Scientific breakthroughs, from simplified antiretroviral therapy to long-acting prevention technologies, have put HIV epidemic control within reach. Nevertheless, as any long-distance runner will assert, the last mile inevitably proves to be the most challenging. After four decades of remarkable progress, what has brought us to the brink of achieving the UNAIDS 95-95-95 targets is likely insufficient to accelerate and sustain progress across the finish line.
As the world observes World AIDS Day 2025, the global HIV community stands at a pivotal moment. This year’s theme: Rethink, Rebuild, Rise, reflects both the progress made and the urgency that remains. It calls for renewed local leadership, innovation, solidarity and resilience as the global community works together toward an AIDS-free generation.
Rethink: Redefining support as local actors lead the HIV response
Across the world, local actors and governments are assuming greater responsibility for financing, managing and delivering HIV programs. Scientific advances such as the World Health Organization’s 2025 recommendation of long-acting injectable lenacapavir (LEN) signal a new era in HIV prevention. Yet the real test lies in ensuring that these innovations are integrated, scaled, and sustained within national systems.

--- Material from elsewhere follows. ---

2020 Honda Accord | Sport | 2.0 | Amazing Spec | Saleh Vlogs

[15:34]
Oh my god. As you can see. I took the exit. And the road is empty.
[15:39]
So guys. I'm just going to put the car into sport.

Global partners must support governments to maximize the impact of the domestic investments they mobilize, ensuring plans close rather than create access gaps, optimize medicine and commodity allocation and use, and maintain high-quality services with the flexibility to adapt. Many countries are already buying their own medications but have critical challenges ensuring that these commodities are available in the right places, at the right time, and before they expire. In addition, even when commodities are available, clients face enormous social and economic barriers to initial and continued access that can only be overcome with investments to address those barriers. As global partners continue to follow local leadership, we must tailor our support to each country’s national plan, helping governments to optimize the impact of their expanding domestic investments.

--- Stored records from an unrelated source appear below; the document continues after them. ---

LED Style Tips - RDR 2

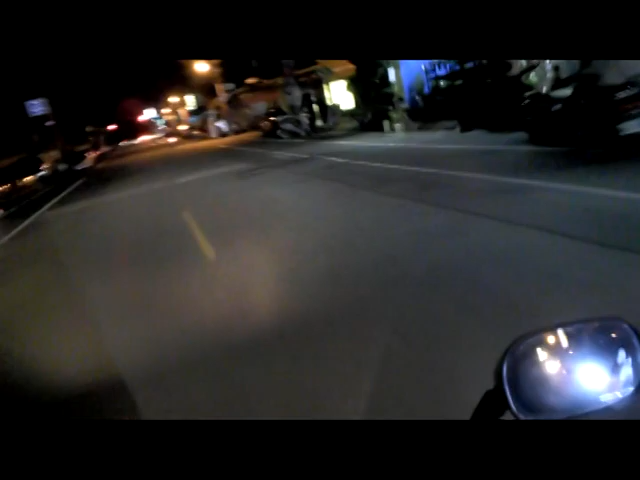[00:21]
just checking out his leds uh if you ever put uh if you ever put leds this is totally another topic you ever put leds on a car bike that's fine but you can't have the actual leds visible what i mean by that is you can have the glow from them visible but not the actual leds so if you have led like he has the leds in the front of his car and you can actually see the individual
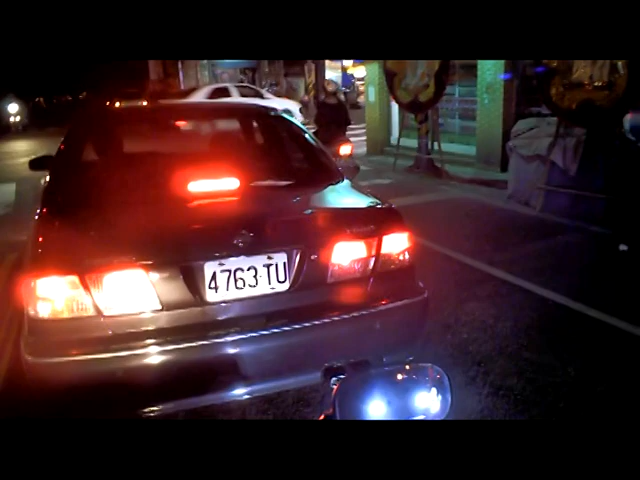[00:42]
lights you shouldn't see them you should they should be somewhere hidden pointing at something else and lighting that up glows are cool lights or not that's
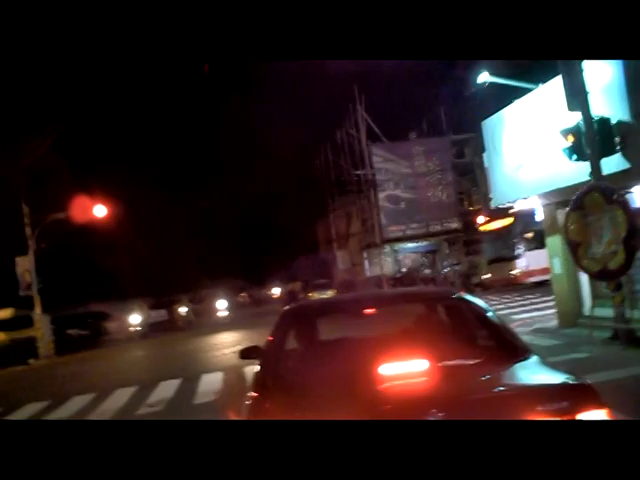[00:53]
that's the way it works i saw like the ugliest thing i ever saw was i saw a motorcycle recently and he had all these led strips on it but he just put the strips on it like just a strip on the outside like just a strip like i got leds inside so it just glows you can't actually see the leds and my

Rebuild: Strengthening systems for sustainability
As game changing as LEN promises to be, biomedical advances alone cannot transform the epidemic without strong and adaptable systems that ensure access, quality and continuity of care.

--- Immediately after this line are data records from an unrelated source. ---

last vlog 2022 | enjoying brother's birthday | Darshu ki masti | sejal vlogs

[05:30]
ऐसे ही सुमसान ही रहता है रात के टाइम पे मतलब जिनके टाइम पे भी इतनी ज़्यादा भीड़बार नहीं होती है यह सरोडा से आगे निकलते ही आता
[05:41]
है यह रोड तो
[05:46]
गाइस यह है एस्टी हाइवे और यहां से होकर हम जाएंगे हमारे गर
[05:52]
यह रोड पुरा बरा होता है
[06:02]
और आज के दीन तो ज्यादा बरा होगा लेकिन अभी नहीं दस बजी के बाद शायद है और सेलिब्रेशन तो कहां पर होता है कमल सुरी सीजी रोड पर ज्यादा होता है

Health systems must be capable of delivering high-quality HIV services, retaining people in treatment, achieving viral suppression and preventing new infections – including the elimination of mother-to-child transmission (eMTCT). These goals require structural investments in data, supply chains, workforce and financing that extend beyond any single intervention.
Rwanda offers one of the clearest examples of how strong systems can drive sustained HIV progress. The country is widely recognized for its effective health governance, long-term national planning and fully institutionalized community health workforce. Rwanda’s data-driven systems, including national dashboards – used to track viral suppression, treatment continuity, and maternal outcomes – underpin its integrated approach to HIV, maternal, newborn and child health, as well as eMTCT. Its national adoption of multi-month dispensing of medication, differentiated service delivery, supply chain reform and partnerships with the private sector demonstrate sustainable, scalable models.
Strong health systems ensure that countries can manage the evolving HIV landscape while integrating innovations efficiently and sustainably. They are the foundation for true self-reliance and epidemic control.
Rise: Advancing community leadership and access for all
Despite unprecedented progress, stigma, discrimination and social exclusion continue to limit access to lifesaving services. Governments across the world have articulated a shared ambition to provide access to HIV services, because epidemic control cannot be achieved without it. Realizing this ambition requires systems that respect the need of every individual, amplify community voices and dismantle barriers to care.
To advance this vision, the global community must partner with community-led and grassroots organizations – including networks of people living with HIV, people vulnerable to contracting HIV, and faith-based groups – to co-design, implement and monitor HIV prevention and treatment programs that reflect lived realities and local priorities. Thailand’s experience with community-led, community–focused services, demonstrates how inclusive programming accelerates progress toward epidemic control where conventional facility-based approaches have plateaued. Through the community-led model, where peer navigators, community clinics and lay providers deliver HIV testing, PrEP, antiretroviral therapy initiation and retention support, the country has achieved some of the highest viral suppression rates among at-risk populations. These gains were only possible because the programs were designed and delivered by the communities most affected, breaking down stigma, increasing trust and expanding access in ways traditional health facilities could not. Thailand’s success shows that when communities lead, barriers fall, uptake increases and epidemic control becomes achievable, while programs that fail to include most affected groups continue to see stagnation and widening gaps.
A shared commitment to the future
If countries, communities and partners work together, we can achieve an AIDS-free generation. The path forward requires global solidarity, national leadership and enduring commitment.
At FHI 360, this commitment is reflected in every facet of our work, from developing global guidance and operational research to providing tailored technical support that strengthens national programs. Our mission is clear: to ensure that science serves people, that every breakthrough reaches those who need it most, and that the promise of an AIDS-free generation becomes a shared reality for all.